People have always been fascinated by gold. And many investors still consider this precious metal a safe haven in times of crisis. However, the value of gold can be quite volatile and it doesn’t generate any interest or dividends. Small numbers of gold bars or coins are therefore not a suitable investment for savers or small investors. But if you’re still interested in adding gold to your portfolio, here are some useful tips on investing sensibly.
- Whether you’re investing in gold bars or coins, you should always buy from a reputable dealer. Banks guarantee the authenticity of the gold bars and coins they sell.
- The price of investment gold depends on its weight, its fine gold content and the mint. It shouldn’t be more than ten percent higher than the current price of gold – so always check the current rate.
- The price of bars is closer to the material value of gold than that of coins, which are somewhat more expensive to produce. The value of collector’s coins can go up, irrespective of the price of gold, depending on how rare they are.
- You can buy a mini gold bar weighing one gramme for around 50 euros. The larger the denomination, the cheaper the price. You can also get more gold for your money with investment coins. One coin with one ounce of gold (around 31.1 grammes) is considerably cheaper than ten coins with one tenth of an ounce each.

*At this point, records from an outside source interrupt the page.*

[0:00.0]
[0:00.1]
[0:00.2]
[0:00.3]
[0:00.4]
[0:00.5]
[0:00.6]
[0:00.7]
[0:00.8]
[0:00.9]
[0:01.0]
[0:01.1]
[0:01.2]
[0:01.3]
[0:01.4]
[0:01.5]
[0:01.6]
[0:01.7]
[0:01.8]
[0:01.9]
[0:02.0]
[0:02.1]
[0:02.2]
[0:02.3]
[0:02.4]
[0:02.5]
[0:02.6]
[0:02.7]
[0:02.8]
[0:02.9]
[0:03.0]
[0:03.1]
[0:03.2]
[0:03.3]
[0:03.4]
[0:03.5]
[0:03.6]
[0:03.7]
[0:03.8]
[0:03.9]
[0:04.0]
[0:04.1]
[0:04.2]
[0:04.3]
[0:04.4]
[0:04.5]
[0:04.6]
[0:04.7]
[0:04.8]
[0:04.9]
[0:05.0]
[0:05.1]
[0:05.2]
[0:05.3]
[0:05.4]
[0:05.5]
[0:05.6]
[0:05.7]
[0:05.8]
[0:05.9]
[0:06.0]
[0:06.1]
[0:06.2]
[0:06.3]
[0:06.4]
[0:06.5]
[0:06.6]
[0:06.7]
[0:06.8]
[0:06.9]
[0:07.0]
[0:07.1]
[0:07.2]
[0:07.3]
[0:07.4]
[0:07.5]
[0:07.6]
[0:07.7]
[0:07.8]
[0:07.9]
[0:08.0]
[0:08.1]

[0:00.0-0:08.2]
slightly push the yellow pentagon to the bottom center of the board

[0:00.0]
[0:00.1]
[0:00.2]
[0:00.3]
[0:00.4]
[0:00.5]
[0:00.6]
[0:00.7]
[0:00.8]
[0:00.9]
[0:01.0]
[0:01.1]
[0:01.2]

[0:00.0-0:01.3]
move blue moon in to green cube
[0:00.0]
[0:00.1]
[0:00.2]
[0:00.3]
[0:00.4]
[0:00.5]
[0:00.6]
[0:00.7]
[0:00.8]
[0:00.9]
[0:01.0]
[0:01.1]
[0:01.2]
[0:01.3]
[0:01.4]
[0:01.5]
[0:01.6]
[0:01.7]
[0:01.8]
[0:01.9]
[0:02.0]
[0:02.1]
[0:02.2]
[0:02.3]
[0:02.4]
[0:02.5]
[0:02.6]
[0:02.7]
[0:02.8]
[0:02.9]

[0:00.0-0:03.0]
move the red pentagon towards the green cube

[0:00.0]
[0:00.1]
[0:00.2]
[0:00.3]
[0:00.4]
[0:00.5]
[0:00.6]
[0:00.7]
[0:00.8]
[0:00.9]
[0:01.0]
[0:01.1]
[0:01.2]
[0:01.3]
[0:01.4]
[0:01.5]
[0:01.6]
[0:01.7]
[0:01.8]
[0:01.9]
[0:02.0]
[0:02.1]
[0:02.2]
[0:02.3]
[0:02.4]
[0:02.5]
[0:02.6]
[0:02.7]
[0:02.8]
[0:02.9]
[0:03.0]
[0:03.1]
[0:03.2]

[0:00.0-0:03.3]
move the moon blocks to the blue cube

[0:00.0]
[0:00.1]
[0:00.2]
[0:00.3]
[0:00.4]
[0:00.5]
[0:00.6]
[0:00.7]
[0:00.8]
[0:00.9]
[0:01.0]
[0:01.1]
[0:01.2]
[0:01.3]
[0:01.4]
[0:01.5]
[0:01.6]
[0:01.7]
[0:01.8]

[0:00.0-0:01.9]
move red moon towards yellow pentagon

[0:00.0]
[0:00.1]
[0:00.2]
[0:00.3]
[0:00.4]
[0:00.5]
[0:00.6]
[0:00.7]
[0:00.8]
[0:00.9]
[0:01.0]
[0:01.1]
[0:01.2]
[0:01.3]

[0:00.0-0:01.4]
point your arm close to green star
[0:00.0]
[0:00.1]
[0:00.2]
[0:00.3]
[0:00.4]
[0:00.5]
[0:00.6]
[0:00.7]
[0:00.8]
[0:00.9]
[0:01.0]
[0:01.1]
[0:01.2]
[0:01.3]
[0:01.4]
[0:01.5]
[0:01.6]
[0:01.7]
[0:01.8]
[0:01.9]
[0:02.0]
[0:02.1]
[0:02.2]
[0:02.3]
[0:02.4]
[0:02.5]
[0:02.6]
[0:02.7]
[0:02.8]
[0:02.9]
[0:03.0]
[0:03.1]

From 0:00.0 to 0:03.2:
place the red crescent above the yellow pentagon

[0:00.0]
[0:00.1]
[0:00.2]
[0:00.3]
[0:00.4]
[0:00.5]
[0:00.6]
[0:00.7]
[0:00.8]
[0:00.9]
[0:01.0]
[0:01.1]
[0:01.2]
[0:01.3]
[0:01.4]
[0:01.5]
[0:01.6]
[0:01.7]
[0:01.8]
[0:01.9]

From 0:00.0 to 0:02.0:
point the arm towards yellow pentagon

- Gold in the form of bars or coins, which is also known as investment gold, is exempt from VAT (sales tax). In Germany, if you sell gold at a profit within one year, this is taxed at your personal income tax rate – assuming you’ve exhausted your annual exemption limit of 600 euros for private sale transactions.
- Unfortunately, gold bars and coins are also very popular with burglars and thieves. So, you should avoid keeping large amounts of gold at home. It is much safer to keep your gold in a safe or safety deposit box at a bank.